**Aim of the exercise**:
Set down again each entry exactly as it reads, pictures excluded.

**Extracted information**:
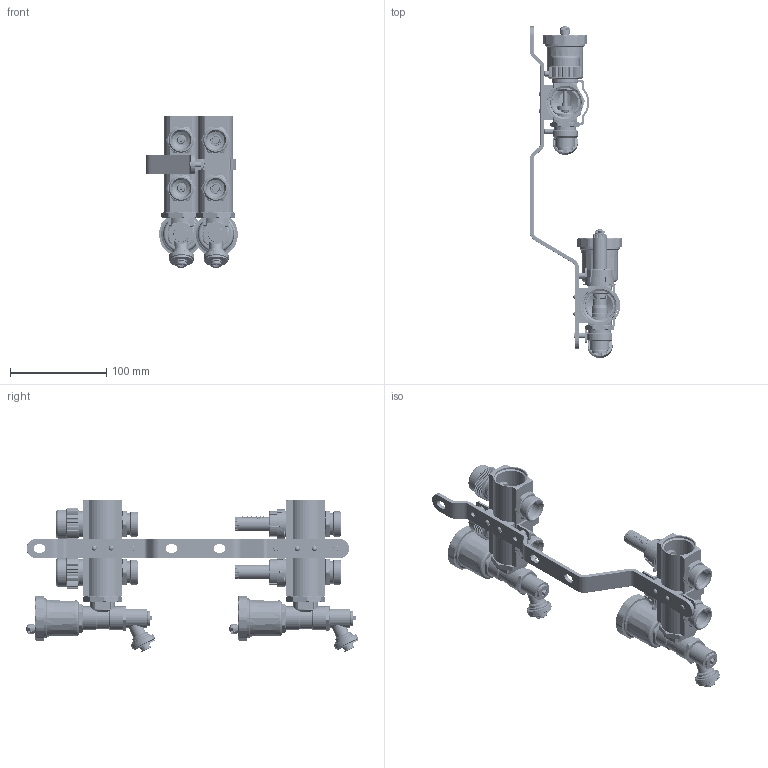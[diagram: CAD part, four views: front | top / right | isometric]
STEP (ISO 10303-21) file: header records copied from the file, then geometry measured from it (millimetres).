
FILE_DESCRIPTION (( 'STEP AP203' ), '1' );
FILE_NAME ('6340257.STEP', '2023-11-16T08:36:07', ( 'ASUS' ), ( '' ), 'SwSTEP 2.0', 'SolidWorks 2015', '' );
FILE_SCHEMA (( 'CONFIG_CONTROL_DESIGN' ));
Length unit declared in the file: millimetre
Products named in the file (65): ON045EX  O型圈17.2X2.4; O型圈22.5x2.6; 6340257; 634403011; 623305050; 607703050; 634403060; 633903020; 618803029; 611803025; O型圈11.7x1.9; M6X12X15.5坋趼攫芛蹟隊; 602203030ѹñ; 619235059; 613303040; 60220324; 607703030; 607703040; 6344031; 602203050; 634403040; TN0905.7X3菜蹋; 354505011R; ON157E  O型圈3x3; O型圈12x2.5; 623305070; 607703010; O型圈3.5x2.3; 611803055; 18.5; 623305061; ON050  17.5X2.2; 6339030; 634403050; 63402572; 13.5; 353605020G; 634905030R; 611803095; 602203080- ...
Assembly tree (79 placements, depth 4):
  6340257
    63402571
      634025010R
      619235059  x2
      ON050  17.5X2.2
      O型圈  14x3
      6344031  x2
        634403011
        634403031
        634403060
        苤菜え
        611803025
        611803055
        634403090
        634403040
        634403050
        ON045EX  O型圈17.2X2.4
        O型圈11.7x1.9
        O型圈3.5x2.3
        ON157E  O型圈3x3
        611803095
      613303040  x2
    63402572
      634025010R
      633725020S  x2
      ON050  17.5X2.2  x2
      6339030  x2
        607703010
        633903020
        607703040
        607703030
        607703060
        607703050
        O型圈12x1.6
        O型圈11x1.5
        O型圈12x2.5
        O型圈22.5x2.6
        綻伎杶
        607703070
    6362050
      634905030R  x2
      634805040  x2
      M6X12X15.5坋趼攫芛蹟隊  x4
      354505011R
    6413050  x2
      641305010S
      353605020G
      O型圈27X3.5   ON271
      62331
        623305050
        623305061
        623305070
        623305090
        18.5
        13.5
        錨璃1
      60220324
        612203010S
        618803029
        602203030ѹñ
Bounding box: 95.84 x 344.74 x 157.7 mm (x, y, z)
Volume: 342392.6 mm3; surface area: 280571.2 mm2
Topology: 141 solids, 141 shells, 4393 faces, 10949 edges, 6954 vertices
Faces by surface type: cylinder 1769, plane 1584, cone 634, torus 234, bspline 160, sphere 12
Entity records: 98399 total; most frequent: CARTESIAN_POINT 37540, DIRECTION 11440, ORIENTED_EDGE 11112, EDGE_CURVE 5556, AXIS2_PLACEMENT_3D 4496, VERTEX_POINT 3525, LINE 2448, VECTOR 2448

**The answer**:
[diagram: CAD part, four views: front | top / right | isometric]
STEP (ISO 10303-21) file: header records copied from the file, then geometry measured from it (millimetres).
FILE_DESCRIPTION (( 'STEP AP203' ), '1' );
FILE_NAME ('6340257.STEP', '2023-11-16T08:36:07', ( 'ASUS' ), ( '' ), 'SwSTEP 2.0', 'SolidWorks 2015', '' );
FILE_SCHEMA (( 'CONFIG_CONTROL_DESIGN' ));
Length unit declared in the file: millimetre
Products named in the file (65): ON045EX  O型圈17.2X2.4; O型圈22.5x2.6; 6340257; 634403011; 623305050; 607703050; 634403060; 633903020; 618803029; 611803025; O型圈11.7x1.9; M6X12X15.5坋趼攫芛蹟隊; 602203030ѹñ; 619235059; 613303040; 60220324; 607703030; 607703040; 6344031; 602203050; 634403040; TN0905.7X3菜蹋; 354505011R; ON157E  O型圈3x3; O型圈12x2.5; 623305070; 607703010; O型圈3.5x2.3; 611803055; 18.5; 623305061; ON050  17.5X2.2; 6339030; 634403050; 63402572; 13.5; 353605020G; 634905030R; 611803095; 602203080- ...
Assembly tree (79 placements, depth 4):
  6340257
    63402571
      634025010R
      619235059  x2
      ON050  17.5X2.2
      O型圈  14x3
      6344031  x2
        634403011
        634403031
        634403060
        苤菜え
        611803025
        611803055
        634403090
        634403040
        634403050
        ON045EX  O型圈17.2X2.4
        O型圈11.7x1.9
        O型圈3.5x2.3
        ON157E  O型圈3x3
        611803095
      613303040  x2
    63402572
      634025010R
      633725020S  x2
      ON050  17.5X2.2  x2
      6339030  x2
        607703010
        633903020
        607703040
        607703030
        607703060
        607703050
        O型圈12x1.6
        O型圈11x1.5
        O型圈12x2.5
        O型圈22.5x2.6
        綻伎杶
        607703070
    6362050
      634905030R  x2
      634805040  x2
      M6X12X15.5坋趼攫芛蹟隊  x4
      354505011R
    6413050  x2
      641305010S
      353605020G
      O型圈27X3.5   ON271
      62331
        623305050
        623305061
        623305070
        623305090
        18.5
        13.5
        錨璃1
      60220324
        612203010S
        618803029
        602203030ѹñ
Bounding box: 95.84 x 344.74 x 157.7 mm (x, y, z)
Volume: 342392.6 mm3; surface area: 280571.2 mm2
Topology: 141 solids, 141 shells, 4393 faces, 10949 edges, 6954 vertices
Faces by surface type: cylinder 1769, plane 1584, cone 634, torus 234, bspline 160, sphere 12
Entity records: 98399 total; most frequent: CARTESIAN_POINT 37540, DIRECTION 11440, ORIENTED_EDGE 11112, EDGE_CURVE 5556, AXIS2_PLACEMENT_3D 4496, VERTEX_POINT 3525, LINE 2448, VECTOR 2448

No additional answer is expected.